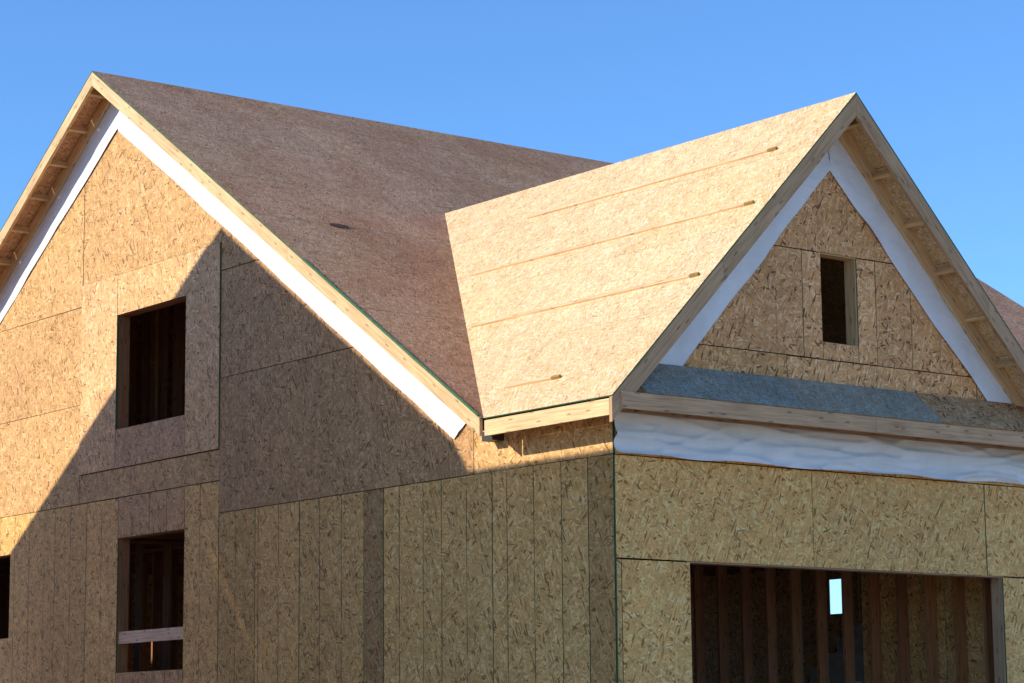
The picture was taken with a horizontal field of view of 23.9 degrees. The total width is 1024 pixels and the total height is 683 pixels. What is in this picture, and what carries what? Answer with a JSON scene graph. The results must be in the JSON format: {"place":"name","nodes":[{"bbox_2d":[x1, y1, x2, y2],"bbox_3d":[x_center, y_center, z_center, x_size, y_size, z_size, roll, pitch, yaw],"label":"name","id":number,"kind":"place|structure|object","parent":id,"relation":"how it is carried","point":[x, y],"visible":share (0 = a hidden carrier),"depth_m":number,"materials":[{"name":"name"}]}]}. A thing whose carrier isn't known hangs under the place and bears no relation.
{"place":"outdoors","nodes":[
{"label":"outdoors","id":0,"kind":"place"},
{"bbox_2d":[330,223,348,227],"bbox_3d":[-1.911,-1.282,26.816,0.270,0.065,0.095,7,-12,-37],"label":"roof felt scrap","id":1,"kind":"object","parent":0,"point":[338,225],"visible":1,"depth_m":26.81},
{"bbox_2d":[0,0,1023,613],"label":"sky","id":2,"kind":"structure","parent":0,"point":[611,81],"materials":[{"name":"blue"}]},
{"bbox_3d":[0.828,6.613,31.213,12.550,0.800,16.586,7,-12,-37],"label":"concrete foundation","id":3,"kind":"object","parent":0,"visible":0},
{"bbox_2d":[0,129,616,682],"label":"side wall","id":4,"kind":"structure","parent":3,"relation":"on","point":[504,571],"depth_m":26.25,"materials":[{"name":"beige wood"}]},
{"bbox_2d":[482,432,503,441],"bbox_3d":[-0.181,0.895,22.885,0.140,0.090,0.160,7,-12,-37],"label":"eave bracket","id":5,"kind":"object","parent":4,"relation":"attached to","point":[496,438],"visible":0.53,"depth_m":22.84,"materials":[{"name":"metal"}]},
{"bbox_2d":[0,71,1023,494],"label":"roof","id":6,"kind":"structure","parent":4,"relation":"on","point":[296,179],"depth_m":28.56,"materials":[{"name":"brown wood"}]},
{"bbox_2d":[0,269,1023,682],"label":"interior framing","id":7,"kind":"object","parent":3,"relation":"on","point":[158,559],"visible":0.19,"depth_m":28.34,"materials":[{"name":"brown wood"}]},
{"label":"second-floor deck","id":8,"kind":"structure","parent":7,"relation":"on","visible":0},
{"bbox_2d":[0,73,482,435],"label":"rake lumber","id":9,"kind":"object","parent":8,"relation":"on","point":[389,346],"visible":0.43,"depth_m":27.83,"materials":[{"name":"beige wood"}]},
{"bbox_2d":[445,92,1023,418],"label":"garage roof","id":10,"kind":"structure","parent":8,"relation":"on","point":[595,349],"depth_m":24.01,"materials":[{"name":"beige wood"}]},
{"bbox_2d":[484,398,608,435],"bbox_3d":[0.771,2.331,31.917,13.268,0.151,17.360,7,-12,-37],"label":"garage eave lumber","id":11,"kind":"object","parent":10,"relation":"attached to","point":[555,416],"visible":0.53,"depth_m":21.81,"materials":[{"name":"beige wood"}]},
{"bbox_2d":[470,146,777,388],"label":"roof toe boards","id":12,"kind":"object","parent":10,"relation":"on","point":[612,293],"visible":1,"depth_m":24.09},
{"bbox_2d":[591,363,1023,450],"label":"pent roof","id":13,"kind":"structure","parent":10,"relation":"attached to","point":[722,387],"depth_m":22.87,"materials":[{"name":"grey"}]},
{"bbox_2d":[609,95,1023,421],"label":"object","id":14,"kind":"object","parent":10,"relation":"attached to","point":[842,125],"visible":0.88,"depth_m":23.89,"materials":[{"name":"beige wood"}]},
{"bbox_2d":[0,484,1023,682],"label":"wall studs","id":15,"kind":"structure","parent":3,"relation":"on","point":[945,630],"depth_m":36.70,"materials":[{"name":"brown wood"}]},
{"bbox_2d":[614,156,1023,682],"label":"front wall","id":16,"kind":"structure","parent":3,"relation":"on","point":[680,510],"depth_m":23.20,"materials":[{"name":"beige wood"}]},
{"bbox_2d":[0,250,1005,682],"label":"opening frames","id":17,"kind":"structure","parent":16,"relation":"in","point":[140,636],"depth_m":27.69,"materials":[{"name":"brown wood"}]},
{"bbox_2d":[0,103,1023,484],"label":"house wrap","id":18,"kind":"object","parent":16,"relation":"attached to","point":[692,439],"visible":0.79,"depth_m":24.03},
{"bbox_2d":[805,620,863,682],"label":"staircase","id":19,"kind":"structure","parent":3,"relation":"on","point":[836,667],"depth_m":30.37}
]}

## What is expected
Write out the records word for word. Pictures stay out.

## Result of this exercise
The picture was taken with a horizontal field of view of 23.9 degrees. The total width is 1024 pixels and the total height is 683 pixels. What is in this picture, and what carries what? Answer with a JSON scene graph. The results must be in the JSON format: {"place":"name","nodes":[{"bbox_2d":[x1, y1, x2, y2],"bbox_3d":[x_center, y_center, z_center, x_size, y_size, z_size, roll, pitch, yaw],"label":"name","id":number,"kind":"place|structure|object","parent":id,"relation":"how it is carried","point":[x, y],"visible":share (0 = a hidden carrier),"depth_m":number,"materials":[{"name":"name"}]}]}. A thing whose carrier isn't known hangs under the place and bears no relation.
{"place":"outdoors","nodes":[
{"label":"outdoors","id":0,"kind":"place"},
{"bbox_2d":[330,223,348,227],"bbox_3d":[-1.911,-1.282,26.816,0.270,0.065,0.095,7,-12,-37],"label":"roof felt scrap","id":1,"kind":"object","parent":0,"point":[338,225],"visible":1,"depth_m":26.81},
{"bbox_2d":[0,0,1023,613],"label":"sky","id":2,"kind":"structure","parent":0,"point":[611,81],"materials":[{"name":"blue"}]},
{"bbox_3d":[0.828,6.613,31.213,12.550,0.800,16.586,7,-12,-37],"label":"concrete foundation","id":3,"kind":"object","parent":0,"visible":0},
{"bbox_2d":[0,129,616,682],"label":"side wall","id":4,"kind":"structure","parent":3,"relation":"on","point":[504,571],"depth_m":26.25,"materials":[{"name":"beige wood"}]},
{"bbox_2d":[482,432,503,441],"bbox_3d":[-0.181,0.895,22.885,0.140,0.090,0.160,7,-12,-37],"label":"eave bracket","id":5,"kind":"object","parent":4,"relation":"attached to","point":[496,438],"visible":0.53,"depth_m":22.84,"materials":[{"name":"metal"}]},
{"bbox_2d":[0,71,1023,494],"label":"roof","id":6,"kind":"structure","parent":4,"relation":"on","point":[296,179],"depth_m":28.56,"materials":[{"name":"brown wood"}]},
{"bbox_2d":[0,269,1023,682],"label":"interior framing","id":7,"kind":"object","parent":3,"relation":"on","point":[158,559],"visible":0.19,"depth_m":28.34,"materials":[{"name":"brown wood"}]},
{"label":"second-floor deck","id":8,"kind":"structure","parent":7,"relation":"on","visible":0},
{"bbox_2d":[0,73,482,435],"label":"rake lumber","id":9,"kind":"object","parent":8,"relation":"on","point":[389,346],"visible":0.43,"depth_m":27.83,"materials":[{"name":"beige wood"}]},
{"bbox_2d":[445,92,1023,418],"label":"garage roof","id":10,"kind":"structure","parent":8,"relation":"on","point":[595,349],"depth_m":24.01,"materials":[{"name":"beige wood"}]},
{"bbox_2d":[484,398,608,435],"bbox_3d":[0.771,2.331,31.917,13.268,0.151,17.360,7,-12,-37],"label":"garage eave lumber","id":11,"kind":"object","parent":10,"relation":"attached to","point":[555,416],"visible":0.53,"depth_m":21.81,"materials":[{"name":"beige wood"}]},
{"bbox_2d":[470,146,777,388],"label":"roof toe boards","id":12,"kind":"object","parent":10,"relation":"on","point":[612,293],"visible":1,"depth_m":24.09},
{"bbox_2d":[591,363,1023,450],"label":"pent roof","id":13,"kind":"structure","parent":10,"relation":"attached to","point":[722,387],"depth_m":22.87,"materials":[{"name":"grey"}]},
{"bbox_2d":[609,95,1023,421],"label":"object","id":14,"kind":"object","parent":10,"relation":"attached to","point":[842,125],"visible":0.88,"depth_m":23.89,"materials":[{"name":"beige wood"}]},
{"bbox_2d":[0,484,1023,682],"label":"wall studs","id":15,"kind":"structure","parent":3,"relation":"on","point":[945,630],"depth_m":36.70,"materials":[{"name":"brown wood"}]},
{"bbox_2d":[614,156,1023,682],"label":"front wall","id":16,"kind":"structure","parent":3,"relation":"on","point":[680,510],"depth_m":23.20,"materials":[{"name":"beige wood"}]},
{"bbox_2d":[0,250,1005,682],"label":"opening frames","id":17,"kind":"structure","parent":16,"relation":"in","point":[140,636],"depth_m":27.69,"materials":[{"name":"brown wood"}]},
{"bbox_2d":[0,103,1023,484],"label":"house wrap","id":18,"kind":"object","parent":16,"relation":"attached to","point":[692,439],"visible":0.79,"depth_m":24.03},
{"bbox_2d":[805,620,863,682],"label":"staircase","id":19,"kind":"structure","parent":3,"relation":"on","point":[836,667],"depth_m":30.37}
]}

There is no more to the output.